Они вырвались из чащи через час с
небольшим, потрепав и одежду, и лошадей, и с облегчением разглядели
на закутанной туманом опушке мутный фонарь в руке коренастого если
не великана, то рослого незнакомца перед распахнутыми воротами, да
крохотные светящиеся оконца в сложенном из тяжелых стволов
рэмхайнского кедра доме.
- Сюда! – замахал фонарем и зарокотал
баском незнакомец. – Добро пожаловать в егерское зимовье! Как же
вас угораздило, добрые люди? Я уж думал, стадо кабанов по ручью
идет, ветвями трещит, хотел было так и принять их всех в конюшню,
закоптить с чесноком, а вы вроде бы гости из Сиуина? Да еще, судя
по перевязям и бляхам, – в важных чинах?
- Толку от тех чинов, - сплюнул
Клокс, заводя вслед за Мадром отчего-то забеспокоившуюся лошадь в
просторную, пусть и тонущую в полумраке конюшню. – А куда ж делся
Акойл? Прежний егерь где? И почему в твоей конюшне, великан,
собственной лошади нет? Дойтен! Успокой свою кобылу! Посмотри,
может все-таки поймала шип копытом? Мы храмовые старатели, а ты
кто? А? Что скажешь, приятель?
- Ну уж точно то, что не приятель я
тебе, - хмыкнул великан и запахнул тяжелые ворота так легко, словно
они были калиткой в заборе, да водрузил на кованные крючья тяжелый
засов. – Вот выпьем да перекусим, может, и стану приятелем. А пока
я простой егерь по имени Краба, сменивший вашего Акойла. Не молод
он уже был, так что... не обессудь. А лошади у меня нет, потому что
не родилась еще лошадь, чтобы выдержать мою тушу. Видишь,
беспокоятся? Любой спину переломить могу. Ну вы что, стоять будете,
или в дом пойдете? Не знаю, кто за вами гнался, но этих стен даже
медведь не свернет. Я уж знаю, что говорю. Пошли в дом.
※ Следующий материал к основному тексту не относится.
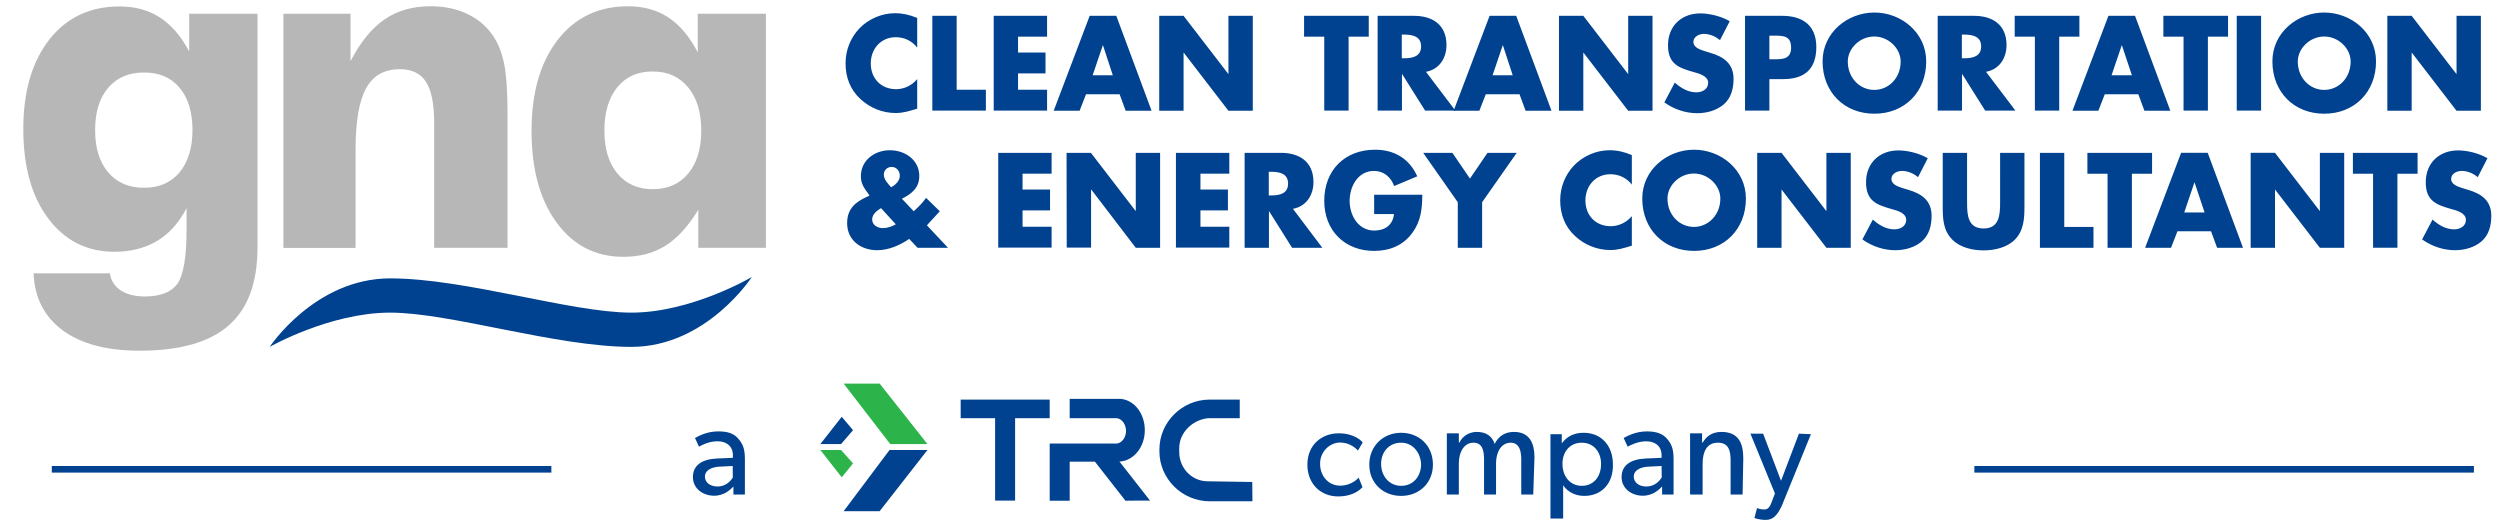<svg id="Layer_1" xmlns="http://www.w3.org/2000/svg" viewBox="0 0 1437.8 300.1"><style>.st0{fill:#004290}.st1{fill:#b7b7b7}.st2{fill:#2cb34a}</style><g id="GNA_LOGO_00000128454805531119326520000016053858190854496136_"><path class="st0" d="M155.1 199.5s26-39.4 69.3-39.4 104 19.7 138.7 19.7 69.3-20.5 69.3-20.5-26 40.2-69.3 40.2-104-19.7-138.7-19.7c-34.7 0-69.3 19.7-69.3 19.7"/><path class="st1" d="M148.1 7.9v134.3c0 20.3-5.5 35.3-16.6 45s-28.2 14.5-51.3 14.5c-18.7 0-33.4-3.9-44-11.6-10.6-7.8-16.3-18.7-16.9-32.9h43.9c.6 4.2 2.7 7.4 6.2 9.8 3.5 2.3 8.2 3.5 13.9 3.5 9.1 0 15.3-2.5 18.8-7.4 3.4-4.9 5.2-15.3 5.2-31.1v-12.3c-4.4 8.5-10.1 14.8-17 18.9-6.9 4.1-15.1 6.2-24.5 6.2-15.8 0-28.5-6.4-38.1-19.2s-14.3-30-14.3-51.4c0-21.6 5-38.7 15-51.5 9.9-12.6 23.4-19 40.3-19 8.9 0 16.7 2.1 23.2 6.3s12.2 10.7 16.9 19.6V7.9h39.3zm-37.4 66.9c0-10.4-2.5-18.5-7.4-24.3-4.9-5.9-11.7-8.8-20.4-8.8-8.8 0-15.6 2.9-20.7 8.8-5 5.9-7.5 14-7.5 24.3s2.5 18.4 7.5 24.3 11.9 8.9 20.7 8.9c8.6 0 15.4-3 20.4-8.9 4.9-6 7.4-14.1 7.4-24.3m52.3 67.7V7.9h38.6v27.3c5.6-10.9 12.1-18.9 19.5-24s16.2-7.6 26.5-7.6c7.8 0 14.7 1.4 20.7 4.2 6.1 2.8 11 6.8 14.8 12.1 3.2 4.5 5.4 10 6.8 16.5 1.3 6.5 2 16.2 2 29.1v77h-42.2v-72c0-10.7-1.6-18.6-4.7-23.4-3.1-4.9-8.2-7.3-15.1-7.3-8.8 0-15.3 3.6-19.3 10.9-4.1 7.3-6.1 19.1-6.1 35.4v56.5H163v-.1zM440.5 7.9v134.6h-38.9v-21.9c-5.6 9.3-11.8 16.2-18.7 20.6-6.9 4.4-15.1 6.5-24.4 6.5-16 0-28.8-6.6-38.4-19.7s-14.4-30.7-14.4-52.7c0-21.9 5-39.4 15-52.3s23.5-19.4 40.5-19.4c9 0 16.8 2.2 23.3 6.5s12.1 11 16.8 20V7.9h39.2zm-37.2 67.2c0-10.5-2.5-18.7-7.5-24.8s-11.8-9.2-20.4-9.2-15.4 3-20.4 9.1c-4.9 6.1-7.4 14.4-7.4 24.9s2.5 18.7 7.5 24.7 11.8 9 20.3 9c8.6 0 15.5-3 20.4-9 5-6 7.5-14.2 7.5-24.7"/><path class="st0" d="M527.5 27.4c-2.9-3.9-7.5-6-12.3-6-8.6 0-14.4 6.7-14.4 15.1 0 8.6 5.9 14.8 14.6 14.8 4.6 0 9.1-2.2 12.1-5.8v17c-4.6 1.4-8 2.5-12.4 2.5-7.5 0-14.7-2.9-20.2-8-5.9-5.4-8.6-12.5-8.6-20.6 0-7.5 2.8-14.6 7.9-20 5.3-5.5 12.9-8.8 20.5-8.8 4.5 0 8.6 1 12.8 2.7v17.1zm22.7 24.2H567v12h-30.8V9.1h14v42.5zm35.3-30.5v9.1h15.8v12h-15.8v9.4h16.7v12h-30.7V9.1h30.7v12h-16.7zm39.1 33.1l-3.7 9.5H606l20.7-54.6H642l20.3 54.6h-14.9l-3.5-9.5h-19.3zm9.7-28.3l-5.9 17.4H640l-5.7-17.4zm32.4-16.8h14l25.7 33.4h.1V9.1h14v54.6h-14l-25.7-33.4h-.1v33.4h-14V9.1zm108.9 54.5h-14V21.1H750v-12h37.2v12h-11.6v42.5zm61.4 0h-17.4l-13.2-21h-.1v21h-14V9.1h20.9c10.6 0 18.7 5.1 18.7 16.8 0 7.5-4.1 14-11.8 15.4L837 63.6zm-30.8-30.1h1.4c4.6 0 9.7-.9 9.7-6.8s-5.1-6.8-9.7-6.8h-1.4v13.6z"/><path class="st0" d="M854.5 54.2l-3.7 9.5H836l20.7-54.6H872l20.3 54.6h-14.9l-3.5-9.5h-19.4zm9.8-28.3l-5.9 17.4H870l-5.7-17.4zm32.3-16.8h14l25.7 33.4h.1V9.1h14v54.6h-14l-25.7-33.4h-.1v33.4h-14V9.1zm92.6 14c-2.6-2.2-5.9-3.6-9.3-3.6-2.6 0-6 1.5-6 4.6 0 3.2 3.8 4.4 6.2 5.2l3.6 1.1c7.5 2.2 13.3 6.1 13.3 14.9 0 5.4-1.3 11-5.6 14.7-4.2 3.6-9.9 5.1-15.3 5.1-6.8 0-13.4-2.3-18.9-6.2l6-11.4c3.5 3.1 7.6 5.6 12.4 5.6 3.3 0 6.8-1.7 6.8-5.5 0-4-5.5-5.4-8.5-6.2-8.8-2.5-14.6-4.8-14.6-15.4 0-11.1 7.8-18.3 18.6-18.3 5.4 0 12.1 1.7 16.9 4.5l-5.6 10.9zm14.4-14h21.4c11.6 0 19.6 5.4 19.6 17.9 0 12.9-6.9 18.5-19.1 18.5h-7.9v18.1h-14V9.1zm14 25h2.4c5.1 0 10.1 0 10.1-6.7 0-6.9-4.6-6.9-10.1-6.9h-2.4v13.6zm90.2 1.2c0 17.7-12.5 30.1-29.8 30.1s-29.8-12.4-29.8-30.1c0-16.5 14.3-28.1 29.8-28.1s29.8 11.6 29.8 28.1zm-45.1.1c0 9.4 6.9 16.3 15.2 16.3 8.4 0 15.2-6.9 15.2-16.3 0-7.5-6.9-14.4-15.2-14.4-8.3 0-15.2 6.9-15.2 14.4zm96.4 28.2h-17.4l-13.2-21h-.1v21h-14V9.1h20.9c10.6 0 18.7 5.1 18.7 16.8 0 7.5-4.1 14-11.8 15.4l16.9 22.3zm-30.8-30.1h1.4c4.6 0 9.7-.9 9.7-6.8s-5.1-6.8-9.7-6.8h-1.4v13.6zm56 30.1h-14V21.1h-11.6v-12h37.2v12h-11.6v42.5zm26.2-9.4l-3.7 9.5h-14.9l20.7-54.6h15.3l20.3 54.6h-14.9l-3.5-9.5h-19.3zm9.8-28.3l-5.9 17.4h11.7l-5.8-17.4zm49.5 37.7h-14V21.1h-11.6v-12h37.2v12h-11.6v42.5zm30.6 0h-14V9.1h14v54.5zm66.1-28.3c0 17.7-12.5 30.1-29.8 30.1s-29.8-12.4-29.8-30.1c0-16.5 14.3-28.1 29.8-28.1s29.8 11.6 29.8 28.1zm-45 .1c0 9.4 6.9 16.3 15.2 16.3s15.2-6.9 15.2-16.3c0-7.5-6.9-14.4-15.2-14.4s-15.2 6.9-15.2 14.4zM1373 9.1h14l25.7 33.4h.1V9.1h14v54.6h-14l-25.7-33.4h-.1v33.4h-14V9.1zM522.9 137.4c-5.4 3.7-11.9 6.5-18.4 6.5-9.3 0-17.3-5.6-17.3-15.6 0-8.2 4.8-12.2 11.6-15.2l1.3-.6-1.1-1.6c-1.7-2.4-3.9-5-3.9-9.5 0-9.4 8.1-15 16.7-15s16.9 5.5 16.9 14.8c0 6.8-4.4 10.3-10 13.1l6.8 7.2c2.6-2.4 5.1-4.8 7.1-7.7l7.9 7.7-6.8 7.4-.6.7 12.1 12.9h-17.5l-4.8-5.1zm-16.2-17.7c-2.3 1.4-5.1 3.5-5.1 6.5 0 3.3 3.2 5 6.1 5 2.6 0 5.3-.9 7.5-2.2l-8.5-9.3zm10.8-18.6c0-2.8-1.9-5.1-4.7-5.1-2.5 0-4.5 1.8-4.5 4.5s2.5 5.3 4.2 7.2c2.4-1.3 5-3.6 5-6.6zm70.6-1.2v9.1h15.8v12h-15.8v9.4h16.7v12h-30.7V87.9h30.7v12h-16.7zm25.3-12h14l25.7 33.4h.1V87.9h14v54.6h-14L627.6 109h-.1v33.4h-14l-.1-54.5zm77 12v9.1h15.8v12h-15.8v9.4H707v12h-30.7V87.9H707v12h-16.6zm70.1 42.6h-17.4l-13.2-21h-.1v21h-14V87.9h20.9c10.6 0 18.7 5.1 18.7 16.8 0 7.5-4.1 14-11.8 15.4l16.9 22.4zm-30.8-30.1h1.4c4.6 0 9.7-.9 9.7-6.8s-5.1-6.8-9.7-6.8h-1.4v13.6zm88.3-.4c-.1 8-.7 14.8-5.5 21.6-5.3 7.5-13.2 10.7-22.2 10.7-16.9 0-28.7-11.7-28.7-28.8 0-17.7 11.9-29.4 29.2-29.4 11.1 0 19.7 5.1 24.3 15.3l-13.3 5.6c-1.9-5.2-6-8.7-11.6-8.7-9.2 0-14 8.9-14 17.2 0 8.5 5 17.1 14.2 17.1 6.1 0 10.7-3.2 11.3-9.5h-11.4V112H818zm.5-24.1h16.8l10.1 14.8 10.1-14.8h16.8l-19.9 28.4v26.2h-14v-26.2l-19.9-28.4zm120 18.3c-2.9-3.9-7.5-6-12.3-6-8.6 0-14.4 6.7-14.4 15.1 0 8.6 5.9 14.8 14.6 14.8 4.6 0 9.1-2.2 12.1-5.8v17c-4.6 1.4-8 2.5-12.4 2.5-7.5 0-14.7-2.9-20.2-8-5.9-5.4-8.6-12.5-8.6-20.6 0-7.5 2.8-14.6 7.9-20 5.3-5.5 12.9-8.8 20.5-8.8 4.5 0 8.6 1 12.8 2.8v17zm65.6 8c0 17.7-12.5 30.1-29.8 30.1s-29.8-12.4-29.8-30.1c0-16.5 14.3-28.1 29.8-28.1s29.8 11.6 29.8 28.1zm-45.1 0c0 9.4 6.9 16.3 15.2 16.3s15.2-6.9 15.2-16.3c0-7.5-6.9-14.4-15.2-14.4s-15.2 6.9-15.2 14.4zm51.6-26.3h14l25.7 33.4h.1V87.9h14v54.6h-14l-25.7-33.4h-.1v33.4h-14V87.9zm92.5 14c-2.6-2.2-5.9-3.6-9.3-3.6-2.6 0-6 1.5-6 4.6 0 3.2 3.8 4.4 6.2 5.2l3.6 1.1c7.5 2.2 13.3 6.1 13.3 14.9 0 5.4-1.3 11-5.6 14.7-4.2 3.6-9.9 5.1-15.3 5.1-6.8 0-13.4-2.3-18.9-6.2l6-11.4c3.5 3.1 7.6 5.6 12.4 5.6 3.3 0 6.8-1.7 6.8-5.5 0-4-5.5-5.4-8.5-6.2-8.8-2.5-14.6-4.8-14.6-15.4 0-11.1 7.8-18.3 18.6-18.3 5.4 0 12.1 1.7 16.9 4.5l-5.6 10.9zm61.2-14v30.7c0 7-.3 14-5.6 19.3-4.5 4.5-11.6 6.1-17.9 6.1s-13.4-1.6-17.9-6.1c-5.4-5.3-5.6-12.2-5.6-19.3V87.9h14v28.7c0 7.1.5 14.8 9.5 14.8s9.5-7.7 9.5-14.8V87.9h14zm22.9 42.6h16.8v12h-30.8V87.9h14v42.6zm38.9 12h-14V99.9h-11.6v-12h37.2v12h-11.6v42.6zm26.2-9.5l-3.7 9.5h-14.9l20.7-54.6h15.3l20.3 54.6h-14.9l-3.5-9.5h-19.3zm9.8-28.2l-5.9 17.4h11.7l-5.8-17.4zm32.3-16.9h14l25.7 33.4h.1V87.9h14v54.6h-14l-25.7-33.4h-.1v33.4h-14V87.9zm84.4 54.6h-14V99.9h-11.6v-12h37.2v12h-11.6v42.6zm46.2-40.6c-2.6-2.2-5.9-3.6-9.3-3.6-2.6 0-6 1.5-6 4.6 0 3.2 3.8 4.4 6.2 5.2l3.6 1.1c7.5 2.2 13.3 6.1 13.3 14.9 0 5.4-1.3 11-5.6 14.7-4.2 3.6-9.9 5.1-15.3 5.1-6.8 0-13.4-2.3-18.9-6.2l6-11.4c3.5 3.1 7.6 5.6 12.4 5.6 3.3 0 6.8-1.7 6.8-5.5 0-4-5.5-5.4-8.5-6.2-8.8-2.5-14.6-4.8-14.6-15.4 0-11.1 7.8-18.3 18.6-18.3 5.4 0 12.1 1.7 16.9 4.5l-5.6 10.9z"/></g><path class="st0" d="M485.2 294h20.7l27.5-35.2h-21.8z"/><path class="st2" d="M533.4 255.4H512l-26.8-34.8h20.7z"/><path class="st0" d="M484.1 239.7l6.5 7.7-6.9 8h-11.9z"/><path class="st2" d="M484.1 274.5l6.5-8-6.9-7.7h-11.9z"/><path class="st0" d="M603.7 229.8h-51.2v10.7h19.8v47.4h11.5v-47.4h19.9zm116.5 47.4l-25.6-.4c-9.2 0-16.4-7.6-16.4-16.8v-2.3c0-8.8 7.6-16.4 16.8-17.2h18v-10.7h-17.2c-16 0-29 13-29 28.7v1.1c0 15.7 13 28.7 29 28.7h24.5l-.1-11.1zm-58.8 10.7l-17.6-22.5h.8c7.6-.8 13.8-8.4 13.8-18 0-9.2-5.7-17.2-13.8-18h-29.4v11.1h27.1c3.1.4 5.3 3.8 5.3 7.3 0 3.8-2.3 6.9-5.3 7.3h-38.6V288h11.5v-22.5h14.5l17.6 22.5c-.1-.1 14.1-.1 14.1-.1zm-232.7-3.5h-6.9v-4.6c-1.5 1.5-5 5.3-11.1 5.3-6.5 0-12.2-4.2-12.2-10.7 0-6.9 5.3-10.3 13.8-10.7l9.2-.4v-1.5c0-5.3-3.8-8-8.8-8-5.3 0-9.2 2.3-10.7 3.1l-2.3-5c2.7-1.5 7.3-3.8 13.4-3.8 6.1 0 9.2 1.5 11.5 4.2 2.3 2.7 3.8 5.3 3.8 11.5v20.6h.3zm-7.3-16.4l-8 .4c-5.3.4-8 2.7-8 5.7 0 3.1 2.7 5.7 7.3 5.7s7.6-3.1 8.8-5.3c-.1.4-.1-6.5-.1-6.5zm362.2 12.2c-1.1 1.1-5 5.3-14.1 5.3-9.6 0-17.6-6.9-17.6-18.3 0-11.5 8.4-18 18-18 9.2 0 13.4 4.6 13.8 5.3l-2.7 4.6c-1.1-1.1-4.6-4.6-10.3-4.6-5.7 0-11.5 5-11.5 12.2 0 7.3 5 12.6 11.5 12.6 6.9 0 10.7-4.6 10.7-4.6l2.2 5.5zm22.2 5c-10.3 0-18.3-7.3-18.3-18s8-18.3 18.3-18.3 18.3 7.3 18.3 18.3c0 10.7-8 18-18.3 18zm0-30.6c-6.9 0-11.5 5.3-11.5 12.2 0 6.9 4.6 12.6 11.5 12.6s11.5-5.3 11.5-12.6c-.4-6.4-4.6-12.2-11.5-12.2zm76 29.8h-6.9v-20.2c0-4.2-.8-9.6-6.1-9.6s-8.4 5.3-8.4 11.8v18h-6.9v-20.2c0-5.3-1.1-9.6-6.1-9.6-5.3 0-8.4 5.3-8.4 11.8v18h-6.9v-35.2h6.9v5.3h.4c1.5-3.4 5.3-6.1 9.9-6.1 5.3 0 8.8 2.3 10.3 6.9 2.3-4.6 6.1-6.9 11.1-6.9 9.2 0 11.8 6.9 11.8 14.5l-.7 21.5zm29.4.8c-5.3 0-9.6-2.3-12.2-6.1v19.1h-7.3v-48.5h6.5v5.3c3.1-4.2 7.3-6.1 12.6-6.1 10.3 0 16.8 7.6 16.8 18 .4 10.6-6.1 18.3-16.4 18.3zm-1.5-30.6c-6.9 0-11.1 5.3-11.1 12.2 0 6.9 4.2 12.6 11.1 12.6 6.9 0 11.1-5.3 11.1-12.6 0-6.8-4.2-12.2-11.1-12.2zm53.1 29.8h-6.9v-4.6c-1.5 1.5-5 5.3-11.1 5.3-6.5 0-12.2-4.2-12.2-10.7 0-6.9 5.3-10.3 13.8-10.7l9.2-.4v-1.5c0-5.3-3.8-8-8.8-8s-9.2 2.3-10.7 3.1l-2.3-5c2.7-1.5 7.3-3.8 13.4-3.8 5.7 0 9.2 1.5 11.5 4.2 2.3 2.7 3.8 5.3 3.8 11.5v20.6h.3zm-7.2-16.4l-8 .4c-5.3.4-8 2.7-8 5.7 0 3.1 2.7 5.7 7.3 5.7s7.6-3.1 8.8-5.3l-.1-6.5zm46.6 16.4h-6.9v-19.5c0-5.7-1.1-10.3-7.3-10.3-6.5 0-8.8 5.3-8.8 12.2v17.6H972v-35.2h6.9v5.3h.4c1.9-3.4 5.3-6.1 10.7-6.1 9.9 0 12.6 6.5 12.6 15.3l-.4 20.7zm39.3-34.7l-16.8 41.3c-2.7 5.7-5.3 8-9.2 8s-6.5-1.1-6.5-1.1l1.5-5.7s1.9.8 3.8.8c1.5 0 3.1 0 4.6-4.2l1.9-5-14.1-34.4h7.3l10.3 27.1 10.3-27.1 6.9.3zM29.8 268h287.3v3.8H29.8zm1105.7 0h287.3v3.8h-287.3z"/></svg>

- Мадр, - окликнул защитника Клокс. –
Задай лошадям корм, оглядись тут. Я вижу, и сено, и овес в ларе
имеются? И вода в кадушке? И не волнуйся, без тебя потчеваться не
станем.
- Не задерживай слишком, - хохотнул
Краба. – А то у меня брюхо, что твое ведро. Чуть упустишь, и
потчеваться нечем будет.
- Я поспешу, - пообещал Мадр,
втягивая в узкие ноздри ползущий в конюшню из двери пряный аромат и
почему-то озираясь с тревогой.
В просторном и жарко натопленном доме
было светло от полудюжины масляных ламп и большой беленой печи в
углу, в топке которой мерцали угли. Дом полнился сладковатым
ароматом явно сытного варева, отчего желудок Дойтена тут же сжался
от голода. Жилище егеря состояло из одной большой и высокой
горницы, и расставленные по ее стенам широкие и тяжелые скамьи
казались от этой величины убогими лавками. Краба сбросил с плеч
латаный тулуп и показался Дойтену еще выше ростом и шире в плечах,
чем в воротах конюшни. На его округлом добродушном лице сияла
улыбка, подобная тем, что происходят от силы и ни от чего больше.
Оно и понятно, этакому здоровяку легко быть добрым, мало кто
захочет причислить себя к его обидчикам.